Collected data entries
──────────────────────────────
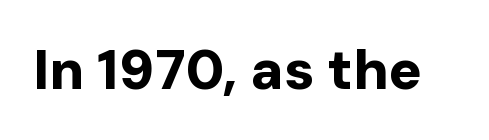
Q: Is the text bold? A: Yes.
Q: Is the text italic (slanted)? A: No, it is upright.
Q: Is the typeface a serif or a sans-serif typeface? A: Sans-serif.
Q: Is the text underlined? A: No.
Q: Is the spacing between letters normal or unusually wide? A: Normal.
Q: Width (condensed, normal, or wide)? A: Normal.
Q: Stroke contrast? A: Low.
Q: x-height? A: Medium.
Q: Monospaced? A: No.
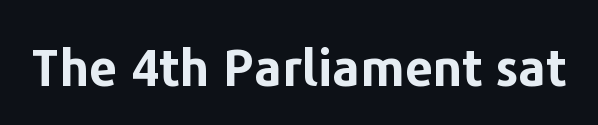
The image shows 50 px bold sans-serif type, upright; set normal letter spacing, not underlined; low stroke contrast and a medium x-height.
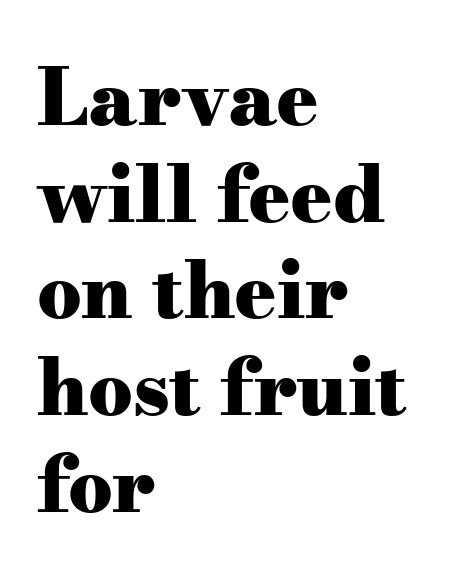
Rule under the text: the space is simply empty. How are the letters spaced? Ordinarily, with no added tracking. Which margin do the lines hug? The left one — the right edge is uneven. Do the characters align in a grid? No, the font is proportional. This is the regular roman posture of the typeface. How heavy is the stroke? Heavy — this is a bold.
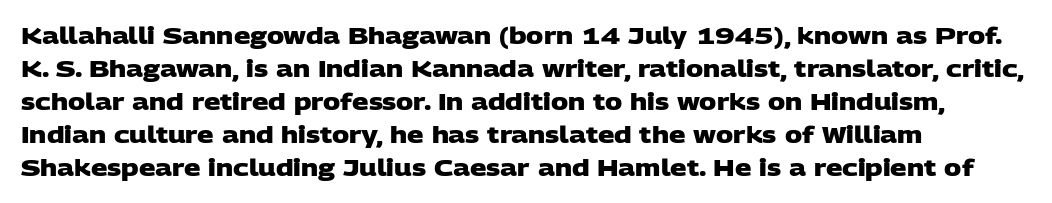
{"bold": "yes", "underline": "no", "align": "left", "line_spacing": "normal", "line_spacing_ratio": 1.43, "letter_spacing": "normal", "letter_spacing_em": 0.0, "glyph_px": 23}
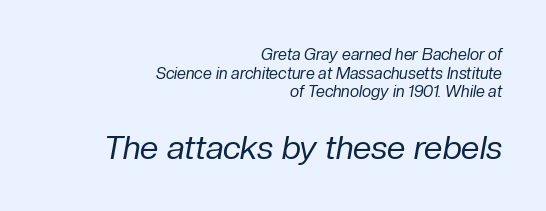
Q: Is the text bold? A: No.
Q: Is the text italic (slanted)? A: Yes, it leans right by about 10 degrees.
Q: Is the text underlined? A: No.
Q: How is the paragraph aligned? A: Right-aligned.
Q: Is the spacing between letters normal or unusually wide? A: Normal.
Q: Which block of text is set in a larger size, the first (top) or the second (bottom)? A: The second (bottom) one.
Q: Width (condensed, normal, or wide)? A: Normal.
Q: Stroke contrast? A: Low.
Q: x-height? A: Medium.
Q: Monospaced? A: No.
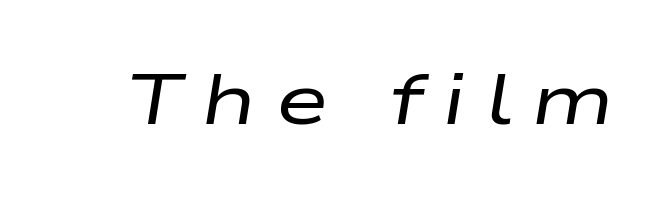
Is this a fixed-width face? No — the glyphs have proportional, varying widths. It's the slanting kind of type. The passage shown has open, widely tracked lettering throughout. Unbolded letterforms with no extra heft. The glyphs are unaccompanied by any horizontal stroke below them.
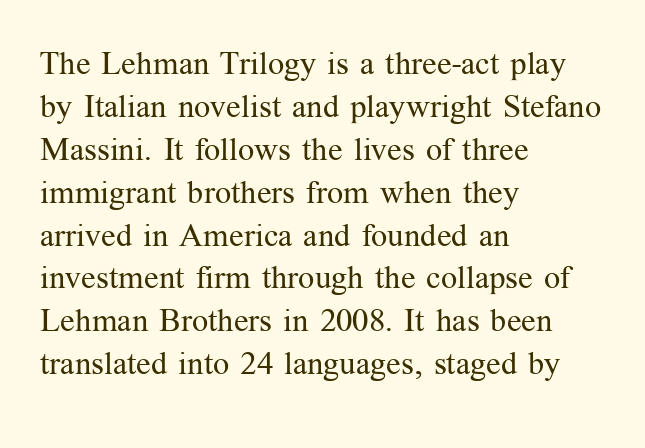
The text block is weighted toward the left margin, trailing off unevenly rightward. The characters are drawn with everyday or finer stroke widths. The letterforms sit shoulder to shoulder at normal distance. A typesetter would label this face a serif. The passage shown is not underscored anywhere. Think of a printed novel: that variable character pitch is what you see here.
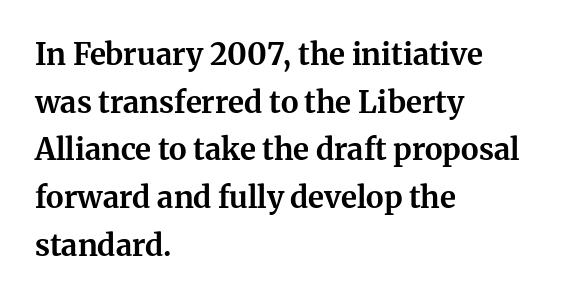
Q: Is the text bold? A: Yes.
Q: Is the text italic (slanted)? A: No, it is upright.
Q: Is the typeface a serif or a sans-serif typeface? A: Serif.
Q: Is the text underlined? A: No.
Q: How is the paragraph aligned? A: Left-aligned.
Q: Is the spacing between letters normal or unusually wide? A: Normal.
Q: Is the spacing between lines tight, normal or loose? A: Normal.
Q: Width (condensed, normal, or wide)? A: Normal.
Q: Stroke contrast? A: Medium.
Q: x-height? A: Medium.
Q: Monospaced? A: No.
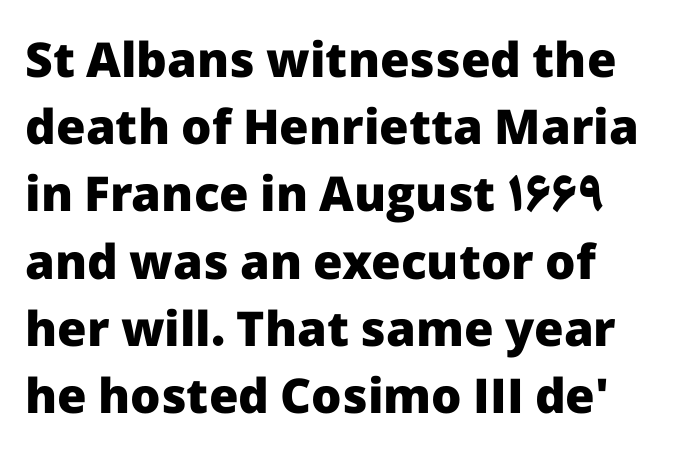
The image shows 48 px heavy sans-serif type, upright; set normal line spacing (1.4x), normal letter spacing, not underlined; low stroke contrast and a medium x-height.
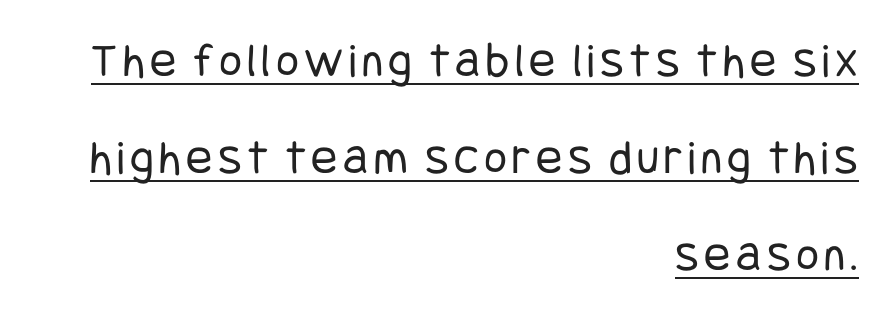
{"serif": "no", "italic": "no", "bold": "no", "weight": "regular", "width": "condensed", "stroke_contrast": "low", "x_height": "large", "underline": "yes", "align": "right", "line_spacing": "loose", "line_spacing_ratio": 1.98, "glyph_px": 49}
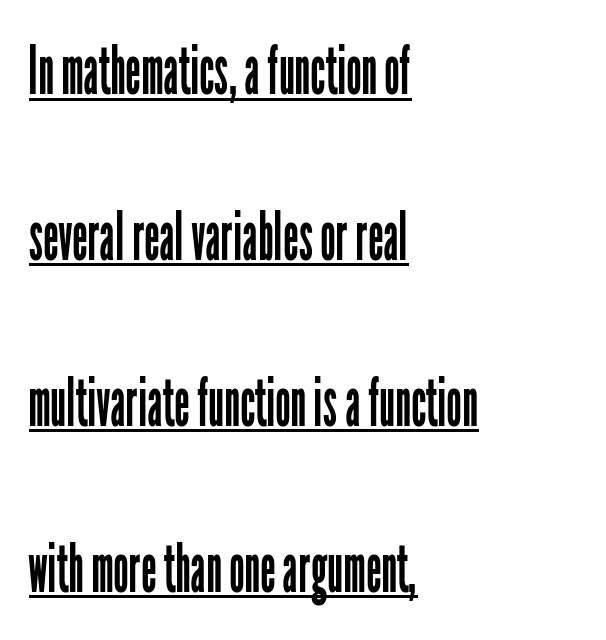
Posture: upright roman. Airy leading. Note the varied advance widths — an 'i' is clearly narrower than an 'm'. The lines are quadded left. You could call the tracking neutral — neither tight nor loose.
──────────────────────────────
* REQUIRED ACTION
The data above should be repeated in full and exactly, with no pictures carried over.

* SOLUTION
Q: Is the text bold? A: Yes.
Q: Is the text italic (slanted)? A: No, it is upright.
Q: Is the typeface a serif or a sans-serif typeface? A: Sans-serif.
Q: Is the text underlined? A: No.
Q: Is the spacing between letters normal or unusually wide? A: Normal.
Q: Width (condensed, normal, or wide)? A: Normal.
Q: Stroke contrast? A: Low.
Q: x-height? A: Medium.
Q: Monospaced? A: No.
The image shows 50 px bold sans-serif type, upright; set normal letter spacing, not underlined; low stroke contrast and a medium x-height.
Rule under the text: the space is simply empty. How are the letters spaced? Ordinarily, with no added tracking. Which margin do the lines hug? The left one — the right edge is uneven. Do the characters align in a grid? No, the font is proportional. This is the regular roman posture of the typeface. How heavy is the stroke? Heavy — this is a bold.
{"bold": "yes", "underline": "no", "align": "left", "line_spacing": "normal", "line_spacing_ratio": 1.43, "letter_spacing": "normal", "letter_spacing_em": 0.0, "glyph_px": 23}
Q: Is the text bold? A: No.
Q: Is the text italic (slanted)? A: Yes, it leans right by about 10 degrees.
Q: Is the text underlined? A: No.
Q: How is the paragraph aligned? A: Right-aligned.
Q: Is the spacing between letters normal or unusually wide? A: Normal.
Q: Which block of text is set in a larger size, the first (top) or the second (bottom)? A: The second (bottom) one.
Q: Width (condensed, normal, or wide)? A: Normal.
Q: Stroke contrast? A: Low.
Q: x-height? A: Medium.
Q: Monospaced? A: No.
Is this a fixed-width face? No — the glyphs have proportional, varying widths. It's the slanting kind of type. The passage shown has open, widely tracked lettering throughout. Unbolded letterforms with no extra heft. The glyphs are unaccompanied by any horizontal stroke below them.
The text block is weighted toward the left margin, trailing off unevenly rightward. The characters are drawn with everyday or finer stroke widths. The letterforms sit shoulder to shoulder at normal distance. A typesetter would label this face a serif. The passage shown is not underscored anywhere. Think of a printed novel: that variable character pitch is what you see here.
Q: Is the text bold? A: Yes.
Q: Is the text italic (slanted)? A: No, it is upright.
Q: Is the typeface a serif or a sans-serif typeface? A: Serif.
Q: Is the text underlined? A: No.
Q: How is the paragraph aligned? A: Left-aligned.
Q: Is the spacing between letters normal or unusually wide? A: Normal.
Q: Is the spacing between lines tight, normal or loose? A: Normal.
Q: Width (condensed, normal, or wide)? A: Normal.
Q: Stroke contrast? A: Medium.
Q: x-height? A: Medium.
Q: Monospaced? A: No.
The image shows 48 px heavy sans-serif type, upright; set normal line spacing (1.4x), normal letter spacing, not underlined; low stroke contrast and a medium x-height.
{"serif": "no", "italic": "no", "bold": "no", "weight": "regular", "width": "condensed", "stroke_contrast": "low", "x_height": "large", "underline": "yes", "align": "right", "line_spacing": "loose", "line_spacing_ratio": 1.98, "glyph_px": 49}
Posture: upright roman. Airy leading. Note the varied advance widths — an 'i' is clearly narrower than an 'm'. The lines are quadded left. You could call the tracking neutral — neither tight nor loose.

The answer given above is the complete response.